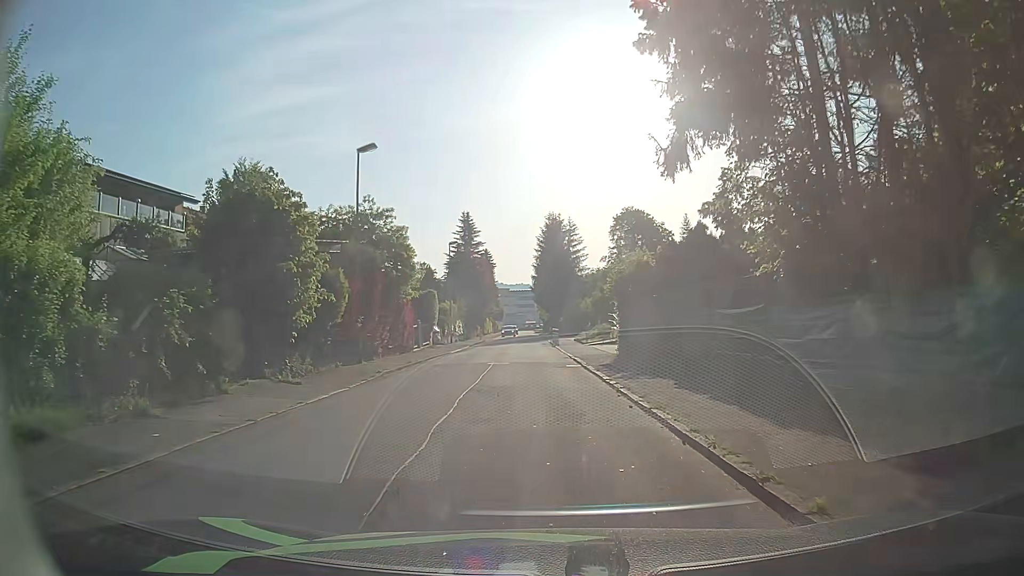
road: tertiary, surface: asphalt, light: Day
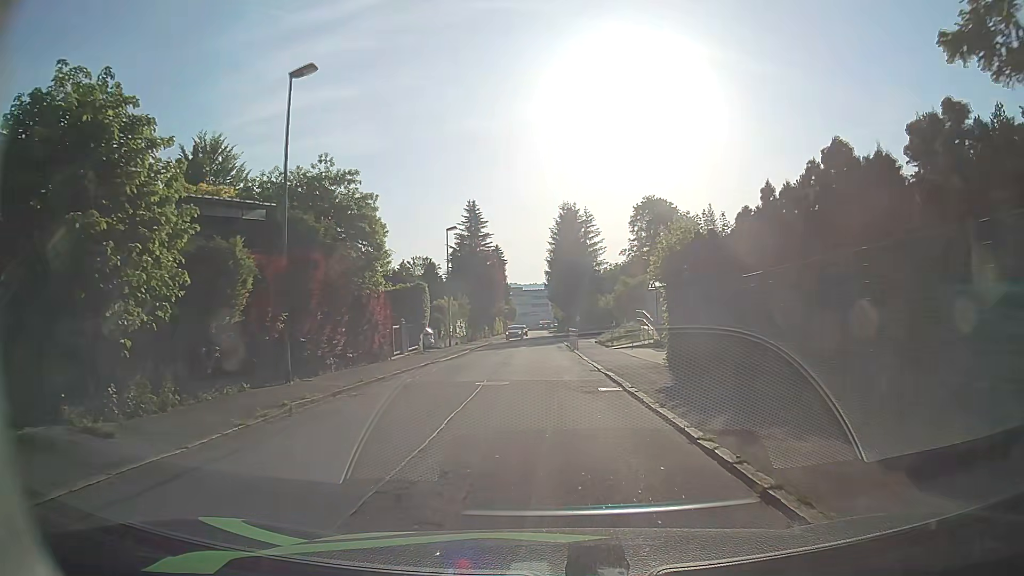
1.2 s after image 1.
(-0.2, +8.6) m; -2°
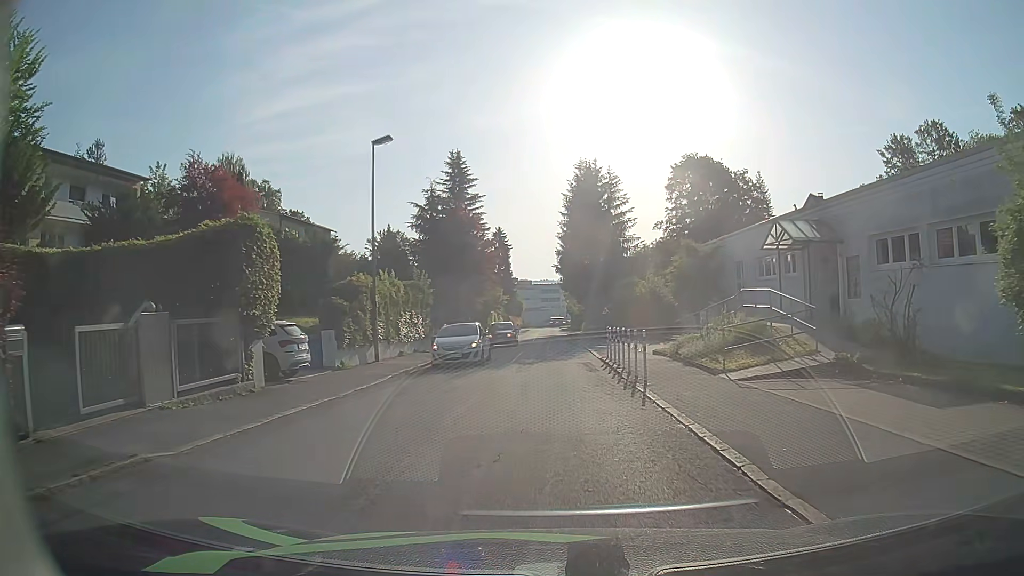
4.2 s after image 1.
(-0.2, +22.6) m; -1°
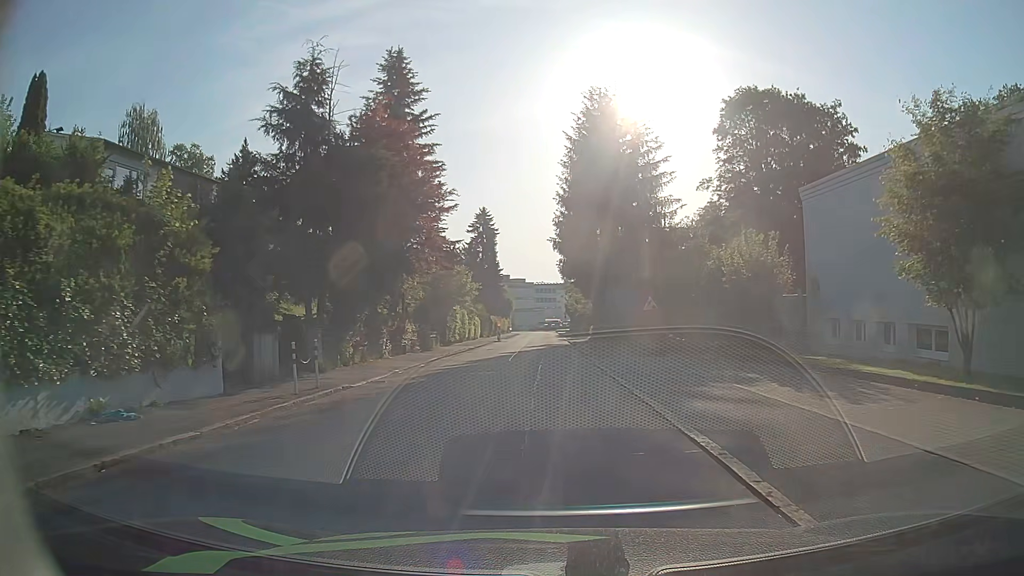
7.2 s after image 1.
(+0.2, +23.8) m; 0°
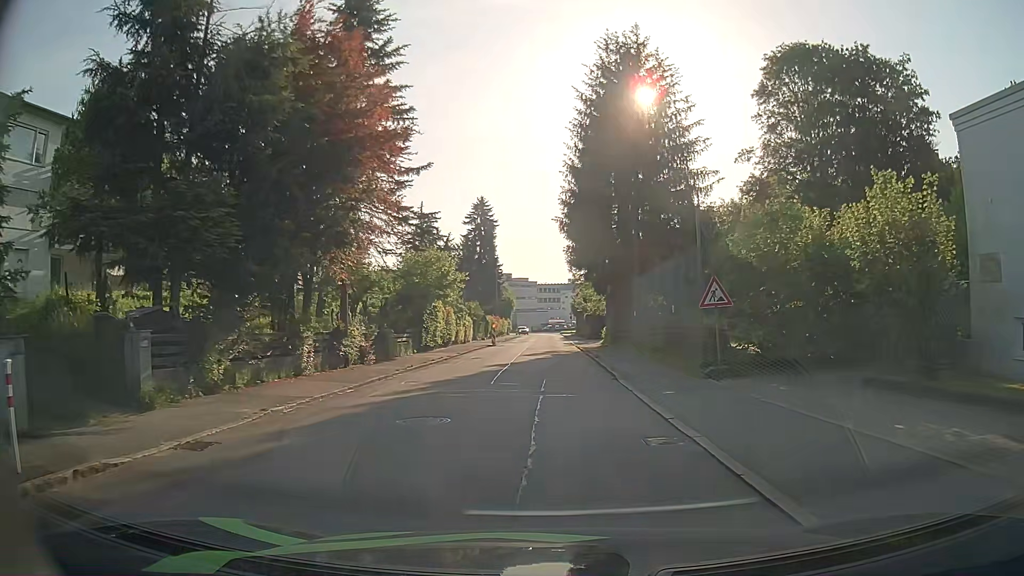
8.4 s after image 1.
(-0.1, +9.4) m; -1°
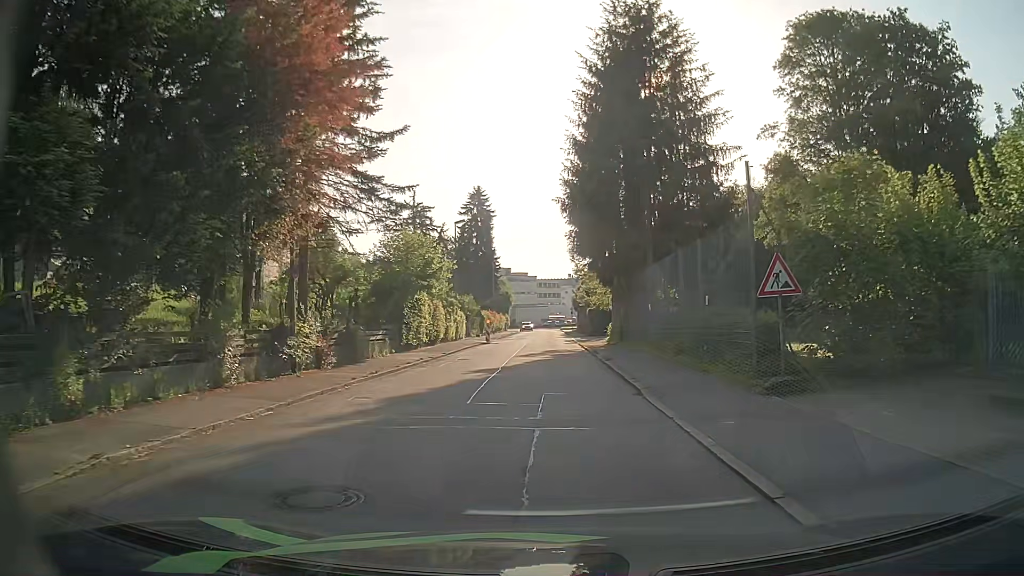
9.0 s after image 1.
(0.0, +4.6) m; 0°
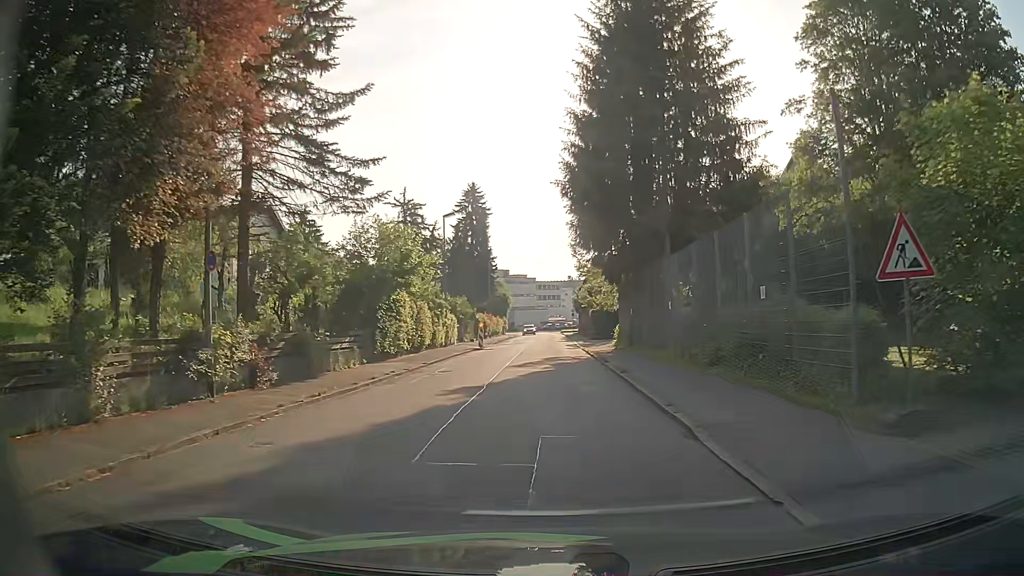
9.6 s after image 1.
(0.0, +4.5) m; 0°
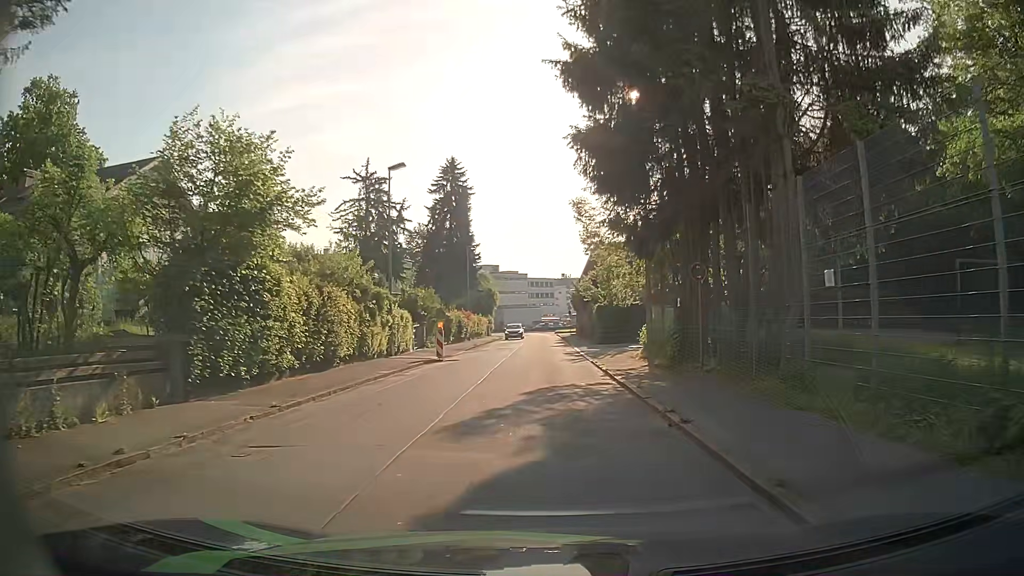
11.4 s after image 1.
(0.0, +13.2) m; +1°
(0, +10) (0, +20) (0, +30) (0, +40) (-1, +50) (-1, +60) (-1, +70) (-1, +80) (-2, +90) (-3, +100) m
★ ★ ★ ★ ★ ★ ★
Task item – An exact copy of the listing above is to be set down, with no pictures in it.

The answer –
road: tertiary, surface: asphalt, light: Day
1.2 s after image 1.
(-0.2, +8.6) m; -2°
4.2 s after image 1.
(-0.2, +22.6) m; -1°
7.2 s after image 1.
(+0.2, +23.8) m; 0°
8.4 s after image 1.
(-0.1, +9.4) m; -1°
9.0 s after image 1.
(0.0, +4.6) m; 0°
9.6 s after image 1.
(0.0, +4.5) m; 0°
11.4 s after image 1.
(0.0, +13.2) m; +1°
(0, +10) (0, +20) (0, +30) (0, +40) (-1, +50) (-1, +60) (-1, +70) (-1, +80) (-2, +90) (-3, +100) m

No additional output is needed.